Comparison with Other Enrichments
| Region | Total | Enriched | Success Rate | Dataset Characteristics |
|---|---|---|---|---|
| Georgia | 14 | 11 | 78.6% ✅ | Full institution names, cities included, national/major institutions |
| Brazil (Batch 8) | 115 | 1 | 0.9% ⚠️ | Abbreviated names, region-only locations, local/municipal institutions |
Key Difference: Georgian dataset contained well-documented national institutions with complete metadata. Brazilian dataset skews toward smaller, regional institutions with minimal metadata.
Remaining Work
Institutions still without Wikidata: 106 (92.2%)
Next Steps
-
Add Cities to Location Data (Priority: HIGH)
- Research and add city names for 45 institutions with region-only locations
- Will enable geographic validation in fuzzy matching
- Script:
scripts/add_brazilian_cities.py(to be created)
-
Expand Full Names (Priority: HIGH)
- Research official full names for abbreviated institutions:
- SECULT → Secretaria de Estado da Cultura
- UFAC Repository → Repositório Institucional da Universidade Federal do Acre
- FEM → Fundação de Cultura Elias Mansour
- Will dramatically improve fuzzy match scores
- Research official full names for abbreviated institutions:
-
Create New Wikidata Entries (Priority: MEDIUM)
- For institutions confirmed to not exist in Wikidata
- Focus on major state institutions first (SECULT agencies, state archives)
- Estimated 30-40 institutions need new Wikidata entries
-
ISIL Code Research (Priority: LOW)
- Brazilian ISIL codes not yet included in dataset
- Research IBICT (Brazilian ISIL agency) registry
- ISIL codes would provide authoritative cross-references
-
Alternative Enrichment Strategy (Priority: MEDIUM)
- Try enriching from Brazilian digital platforms:
- Tainacan: https://tainacan.org/
- Brasiliana USP: https://www.bbm.usp.br/
- BDTD (theses/dissertations): https://bdtd.ibict.br/
- These platforms may have better coverage of local institutions
- Try enriching from Brazilian digital platforms:
Files
- Input:
data/instances/brazil/brazilian_institutions_batch7_enriched.yaml - Output:
data/instances/brazil/brazilian_institutions_batch8_enriched.yaml - Script:
scripts/enrich_brazilian_institutions_batch7_fuzzy.py(threshold: 0.65, manual verification)
Recommendations
Given the low match rate (0.9% vs.
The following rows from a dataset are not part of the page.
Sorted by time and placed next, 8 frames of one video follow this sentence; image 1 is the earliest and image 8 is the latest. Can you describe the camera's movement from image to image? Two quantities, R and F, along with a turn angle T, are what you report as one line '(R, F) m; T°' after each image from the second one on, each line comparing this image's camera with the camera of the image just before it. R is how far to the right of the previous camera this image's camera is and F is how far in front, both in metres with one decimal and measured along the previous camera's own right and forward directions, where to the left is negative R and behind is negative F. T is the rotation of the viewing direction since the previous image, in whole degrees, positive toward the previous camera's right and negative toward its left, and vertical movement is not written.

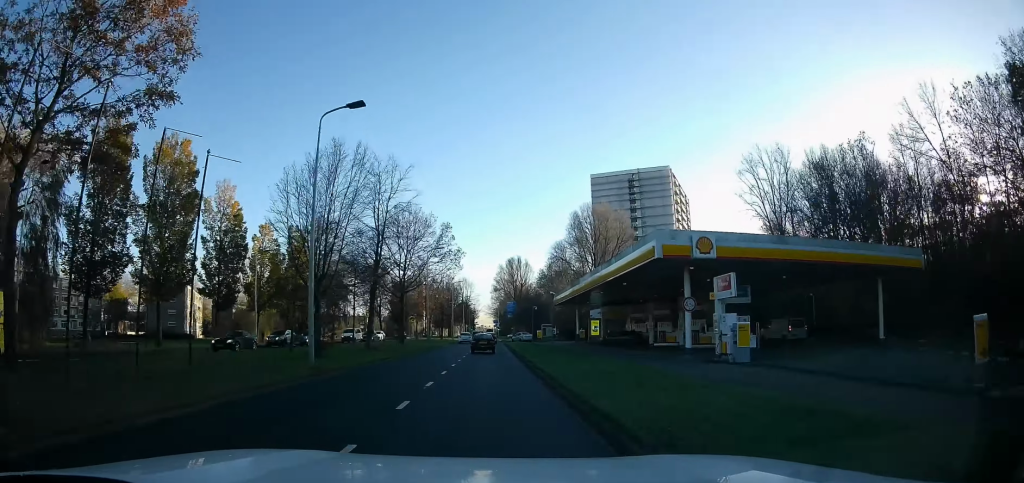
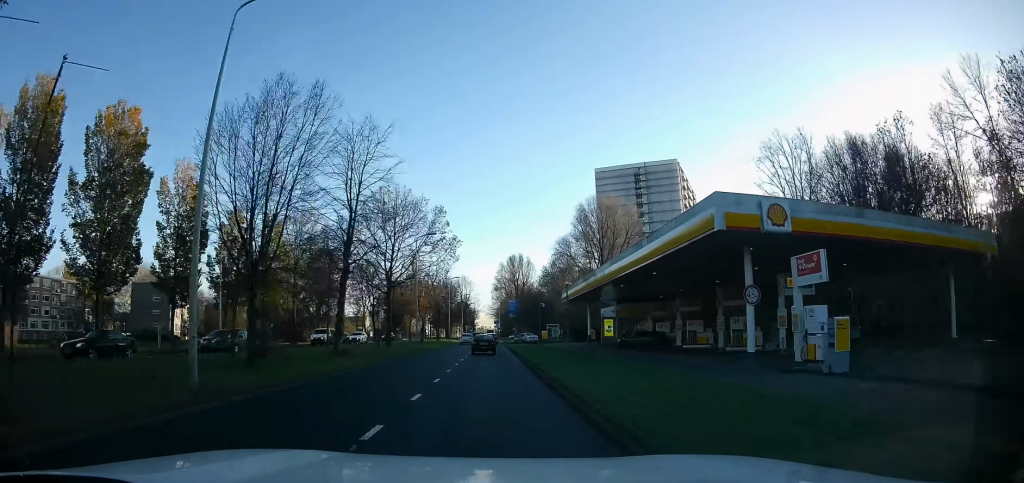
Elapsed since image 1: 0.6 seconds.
(-0.2, +6.7) m; -1°
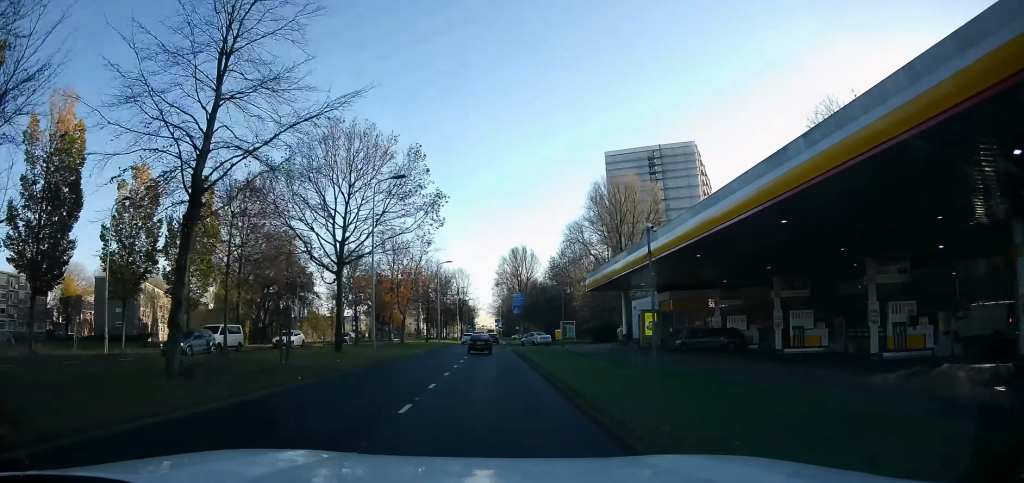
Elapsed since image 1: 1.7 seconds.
(-0.5, +13.9) m; -2°
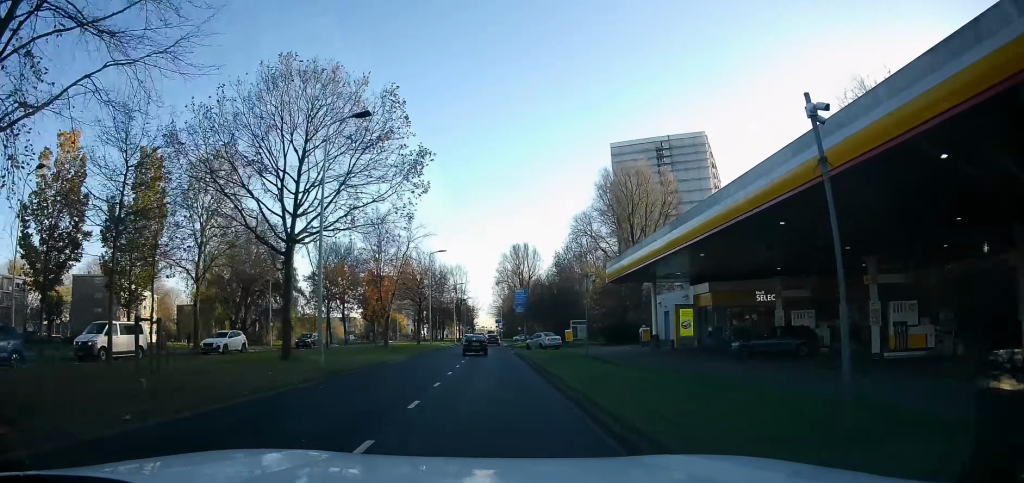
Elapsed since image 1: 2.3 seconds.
(0.0, +7.2) m; 0°
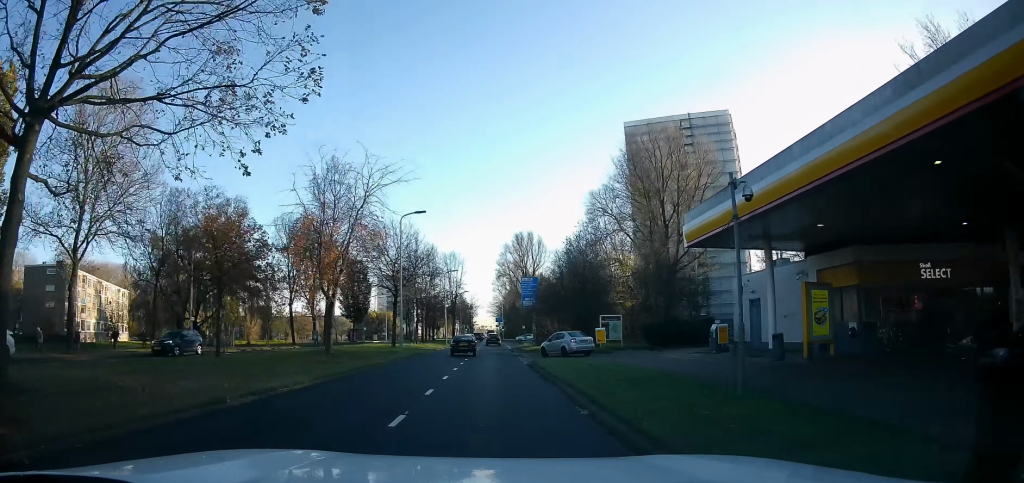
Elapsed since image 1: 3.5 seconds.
(0.0, +14.0) m; 0°
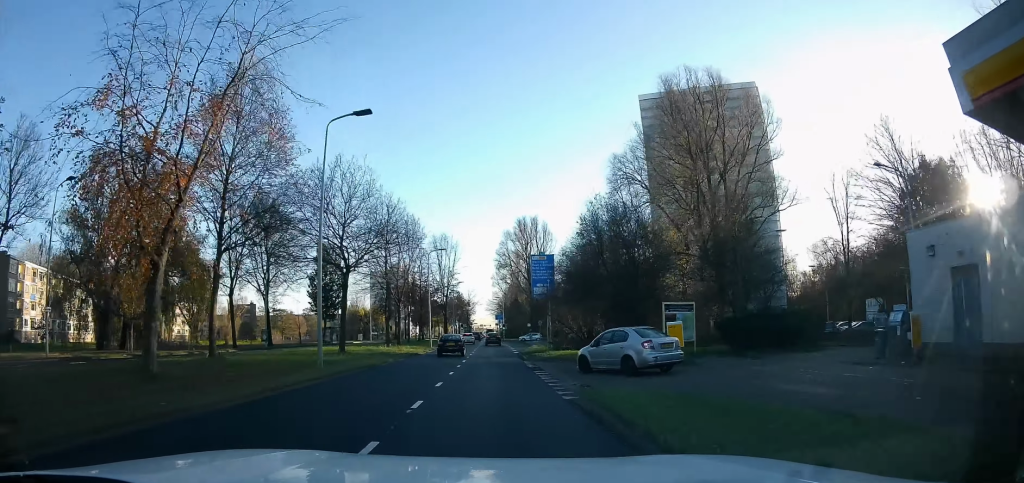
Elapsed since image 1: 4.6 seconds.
(0.0, +14.0) m; 0°
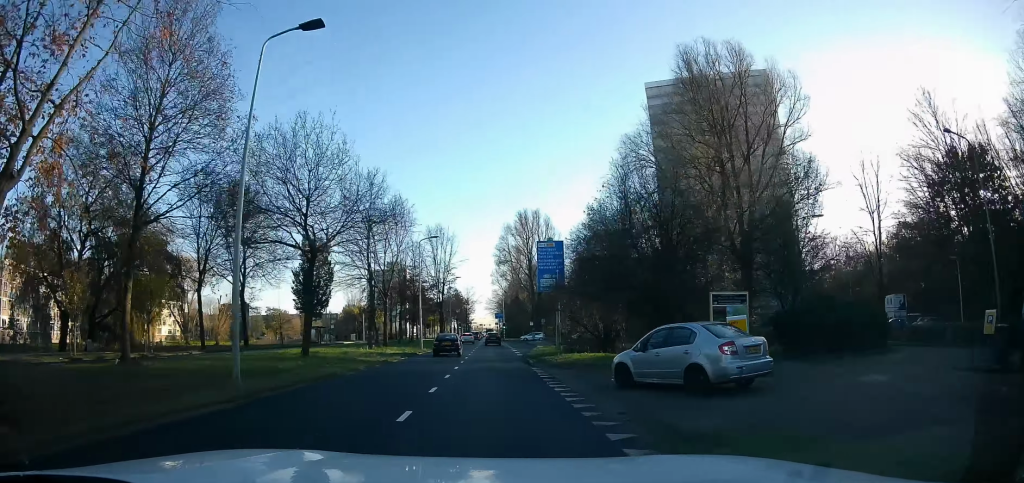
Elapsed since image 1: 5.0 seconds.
(0.0, +5.4) m; 0°
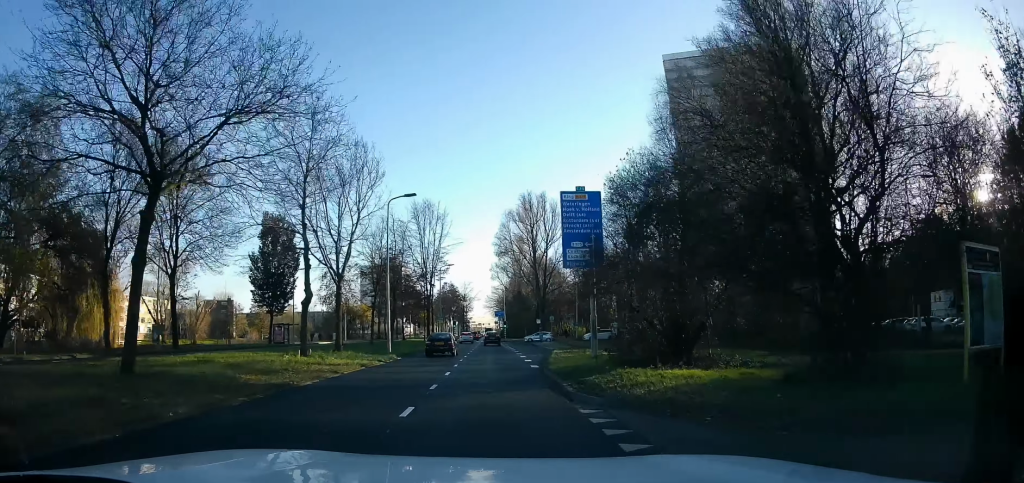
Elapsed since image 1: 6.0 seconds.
(0.0, +11.7) m; +3°

Georgia's 78.6%), Brazilian enrichment requires a different approach:
Short-Term Strategy
- ✅ Manual Wikidata lookup for top 20 largest institutions (national museums, state archives)
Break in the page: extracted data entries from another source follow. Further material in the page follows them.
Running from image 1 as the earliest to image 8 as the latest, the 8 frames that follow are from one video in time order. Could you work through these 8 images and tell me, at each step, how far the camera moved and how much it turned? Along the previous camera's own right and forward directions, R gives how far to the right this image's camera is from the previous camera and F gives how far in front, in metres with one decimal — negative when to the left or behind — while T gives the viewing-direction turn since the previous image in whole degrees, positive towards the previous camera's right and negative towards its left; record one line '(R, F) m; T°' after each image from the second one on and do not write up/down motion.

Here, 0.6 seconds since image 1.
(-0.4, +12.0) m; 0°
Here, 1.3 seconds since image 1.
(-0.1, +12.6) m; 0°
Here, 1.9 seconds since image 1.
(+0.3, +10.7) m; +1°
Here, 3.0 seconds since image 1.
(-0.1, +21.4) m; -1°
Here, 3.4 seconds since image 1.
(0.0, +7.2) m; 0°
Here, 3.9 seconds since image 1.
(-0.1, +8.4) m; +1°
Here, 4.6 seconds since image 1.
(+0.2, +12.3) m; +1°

- ✅ Add complete metadata (full names, cities) before re-running fuzzy matching
- ✅ Lower priority for small municipal institutions without Wikidata entries
Long-Term Strategy
- Create Wikidata entries for major Brazilian heritage institutions not yet cataloged
- Integrate with Brazilian registries:
- IBRAM (Brazilian Museums Institute) registry
- CONARQ (National Archives Council) registry
- IBICT (Brazilian Information Science Institute) library registry
- Collaborate with Brazilian Wikidata community to improve heritage institution coverage
Conclusion: Brazilian dataset enrichment is progressing slowly (7.0% → 7.8%) due to data quality challenges. Focus next on metadata completion (full names + cities) before attempting further automated enrichment.
Next Priority Region: Consider switching to Tunisia (69 institutions, 2.9% coverage) or Libya (54 institutions, 18.5% coverage) which may have better-documented institution names in conversations.